Military officials discount the idea of an Iraq-style surge. The Iraq surge was mostly to pacify Baghdad, whereas the Taliban insurgency is based in the countryside.
McCain, who once publicly sang "bomb, bomb, bomb - bomb, bomb Iran" to the tune of a Beach Boys song, says that Iran is the "world's chief sponsor of terrorism" and is seeking nuclear weapons that would pose "a danger we cannot allow."

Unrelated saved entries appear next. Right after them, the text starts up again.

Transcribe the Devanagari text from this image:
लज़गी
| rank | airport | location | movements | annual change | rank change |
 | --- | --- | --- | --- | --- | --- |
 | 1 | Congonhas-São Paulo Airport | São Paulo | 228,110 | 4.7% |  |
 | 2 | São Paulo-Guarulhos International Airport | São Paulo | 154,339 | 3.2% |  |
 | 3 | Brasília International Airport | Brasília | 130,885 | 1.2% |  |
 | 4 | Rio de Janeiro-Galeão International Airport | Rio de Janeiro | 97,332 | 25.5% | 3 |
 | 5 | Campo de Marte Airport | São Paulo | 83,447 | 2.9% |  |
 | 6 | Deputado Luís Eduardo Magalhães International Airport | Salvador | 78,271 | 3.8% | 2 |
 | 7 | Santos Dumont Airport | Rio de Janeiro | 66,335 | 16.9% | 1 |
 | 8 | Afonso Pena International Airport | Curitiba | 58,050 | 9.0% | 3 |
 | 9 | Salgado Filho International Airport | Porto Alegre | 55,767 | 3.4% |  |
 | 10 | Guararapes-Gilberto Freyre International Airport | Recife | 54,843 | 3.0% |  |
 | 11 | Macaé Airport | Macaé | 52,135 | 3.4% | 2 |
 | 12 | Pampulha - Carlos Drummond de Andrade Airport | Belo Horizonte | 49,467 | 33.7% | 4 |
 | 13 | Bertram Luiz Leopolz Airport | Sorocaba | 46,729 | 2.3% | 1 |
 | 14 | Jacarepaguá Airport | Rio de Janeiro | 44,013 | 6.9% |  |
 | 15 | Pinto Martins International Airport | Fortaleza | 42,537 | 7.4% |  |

He rejects direct talks with Tehran and would seek tighter U.N. sanctions to pressure Iran to halt its nuclear program. If that failed, he would lead "like-minded countries" in imposing their own sanctions, including strangling Iran's gasoline imports. He also would press for a private investment cutoff. McCain says he wants a peaceful solution, but he does not rule out using force.
Obama agrees that "there is no greater threat" to Israel and the region than Iran. But he says that he would hold direct negotiations without "self-defeating preconditions," such as requiring Iran to first suspend uranium enrichment, and would offer it incentives to halt the program and end support for terrorism. If Iran refused, he would push for tougher U.N. sanctions and work with allies on unilateral measures, including a gasoline sales ban.
Obama also refuses to rule out force, but he says first exhausting all diplomatic options would ensure that such action would enjoy greater international support.
When it comes to dealing with a Russia that is increasingly aggressive abroad and repressive at home, McCain and Obama share some similar stands on specific issues but would pursue different approaches to the overall relationship.
McCain has taken a more combative stance. In an essay last year, he called for Russia's expulsion from the G-8 group of industrialized countries, which is unlikely to happen because the other G-8 partners don't want to do it.
After the Aug. 8 Russian invasion of the nation of Georgia, he urged quick action on admitting Georgia and Ukraine to NATO. He said he told Georgian President Mikhail Saakashvili in a telephone call, "Today, we are all Georgians."
Obama has been equally vocal in criticizing Russia's actions in Georgia and called for international peacekeepers to replace Russian troops in contested regions. But he's been more cautious on NATO membership for Georgia - favoring it in principle, but not calling to accelerate it in a time of tension.
McClatchy News Service contributed to this report.